What happened to change NC politics?
August 15, 2024 6:17 AM   Subscribe

I lived in North Carolina from 2000 to 2009. When I was there, the politics seemed moderate, and more progressive than other Southern states. But the state became more conservative some time after I left. What factored into that pivot?
posted by NotLost to Law & Government (12 answers total) 1 user marked this as a favorite
 
I don't know NC in particular, but I feel that the election of Barack Obama triggered a lot of racists (overt and "closeted") to go full tilt anti-progressive. I think that was a real splitting point in American politics.
posted by hydra77 at 7:01 AM on August 15 [9 favorites]

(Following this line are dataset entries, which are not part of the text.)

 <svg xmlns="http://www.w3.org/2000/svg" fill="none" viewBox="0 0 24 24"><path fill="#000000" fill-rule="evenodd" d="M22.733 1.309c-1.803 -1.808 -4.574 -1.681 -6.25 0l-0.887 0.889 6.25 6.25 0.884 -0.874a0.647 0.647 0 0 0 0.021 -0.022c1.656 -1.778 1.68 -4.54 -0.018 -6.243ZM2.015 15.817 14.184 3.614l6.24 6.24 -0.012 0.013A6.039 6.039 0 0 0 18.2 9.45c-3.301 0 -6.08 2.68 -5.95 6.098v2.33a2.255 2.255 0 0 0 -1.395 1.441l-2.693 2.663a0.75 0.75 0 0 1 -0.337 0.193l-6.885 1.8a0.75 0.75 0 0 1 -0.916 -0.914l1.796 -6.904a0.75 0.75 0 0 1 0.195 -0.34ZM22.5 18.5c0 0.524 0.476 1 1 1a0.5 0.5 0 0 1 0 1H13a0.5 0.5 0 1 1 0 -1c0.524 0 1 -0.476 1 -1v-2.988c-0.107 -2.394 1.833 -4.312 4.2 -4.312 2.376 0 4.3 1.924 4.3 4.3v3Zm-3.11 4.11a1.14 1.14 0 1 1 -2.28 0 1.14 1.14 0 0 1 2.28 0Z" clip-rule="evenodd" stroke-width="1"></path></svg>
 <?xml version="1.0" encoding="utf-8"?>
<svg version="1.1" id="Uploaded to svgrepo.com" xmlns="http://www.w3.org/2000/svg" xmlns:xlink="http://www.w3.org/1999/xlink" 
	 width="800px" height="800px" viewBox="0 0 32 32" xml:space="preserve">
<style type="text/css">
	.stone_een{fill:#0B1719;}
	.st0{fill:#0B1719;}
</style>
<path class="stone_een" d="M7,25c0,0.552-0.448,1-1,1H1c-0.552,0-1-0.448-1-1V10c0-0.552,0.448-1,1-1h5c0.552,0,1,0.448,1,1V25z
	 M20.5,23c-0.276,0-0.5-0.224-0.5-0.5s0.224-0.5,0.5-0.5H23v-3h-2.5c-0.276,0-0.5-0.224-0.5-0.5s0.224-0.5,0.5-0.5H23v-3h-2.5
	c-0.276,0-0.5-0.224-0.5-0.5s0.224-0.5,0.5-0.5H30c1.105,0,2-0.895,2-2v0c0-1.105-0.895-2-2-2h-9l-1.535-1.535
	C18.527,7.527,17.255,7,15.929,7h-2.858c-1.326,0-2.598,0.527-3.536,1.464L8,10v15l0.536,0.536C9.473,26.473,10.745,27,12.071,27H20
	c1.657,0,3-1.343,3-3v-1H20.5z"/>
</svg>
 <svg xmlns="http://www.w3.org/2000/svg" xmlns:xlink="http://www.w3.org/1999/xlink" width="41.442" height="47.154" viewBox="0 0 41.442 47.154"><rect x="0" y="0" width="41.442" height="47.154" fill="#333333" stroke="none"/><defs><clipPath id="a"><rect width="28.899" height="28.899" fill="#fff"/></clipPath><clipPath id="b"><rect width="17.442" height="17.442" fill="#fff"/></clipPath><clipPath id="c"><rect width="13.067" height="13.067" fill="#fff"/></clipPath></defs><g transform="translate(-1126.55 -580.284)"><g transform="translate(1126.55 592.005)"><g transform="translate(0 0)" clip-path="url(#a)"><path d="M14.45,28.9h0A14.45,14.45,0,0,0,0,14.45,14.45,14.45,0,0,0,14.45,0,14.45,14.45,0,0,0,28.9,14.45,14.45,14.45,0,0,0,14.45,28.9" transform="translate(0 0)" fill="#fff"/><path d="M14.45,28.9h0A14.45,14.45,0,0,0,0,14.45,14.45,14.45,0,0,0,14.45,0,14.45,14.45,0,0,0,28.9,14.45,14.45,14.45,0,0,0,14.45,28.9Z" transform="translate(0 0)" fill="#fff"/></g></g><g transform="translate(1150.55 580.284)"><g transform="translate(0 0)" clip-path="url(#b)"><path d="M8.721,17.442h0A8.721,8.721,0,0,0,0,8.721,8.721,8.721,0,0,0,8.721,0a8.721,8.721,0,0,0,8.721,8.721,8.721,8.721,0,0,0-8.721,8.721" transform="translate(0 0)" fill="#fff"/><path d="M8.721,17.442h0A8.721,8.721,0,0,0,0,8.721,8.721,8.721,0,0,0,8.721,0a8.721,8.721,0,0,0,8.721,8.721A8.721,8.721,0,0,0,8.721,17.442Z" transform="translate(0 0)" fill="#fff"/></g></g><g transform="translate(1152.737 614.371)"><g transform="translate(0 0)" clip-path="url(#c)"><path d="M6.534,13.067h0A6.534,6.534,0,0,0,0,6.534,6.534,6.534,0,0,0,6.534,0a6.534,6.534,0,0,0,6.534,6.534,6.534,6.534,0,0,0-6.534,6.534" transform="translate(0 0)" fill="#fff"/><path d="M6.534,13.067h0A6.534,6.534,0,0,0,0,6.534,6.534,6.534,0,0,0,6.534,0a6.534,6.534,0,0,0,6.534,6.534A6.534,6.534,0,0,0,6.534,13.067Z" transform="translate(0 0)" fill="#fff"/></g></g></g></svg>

The state went for Obama in '08, Romney in '12, and Trump since then, but the share of the vote going for the Democratic candidate has been consistently higher than it used to be. In 2000 and 2004 it was 56-43 for Bush; in 2020 Trump won by just over 1%. At the Presidential level, at least, NC went from a reliable GOP vote to a fierce consistent battleground state. In many areas of the US, the GOP has been getting more reactionary and extremist, but this is not exactly the same as the whole state getting more conservative in a straightforward way.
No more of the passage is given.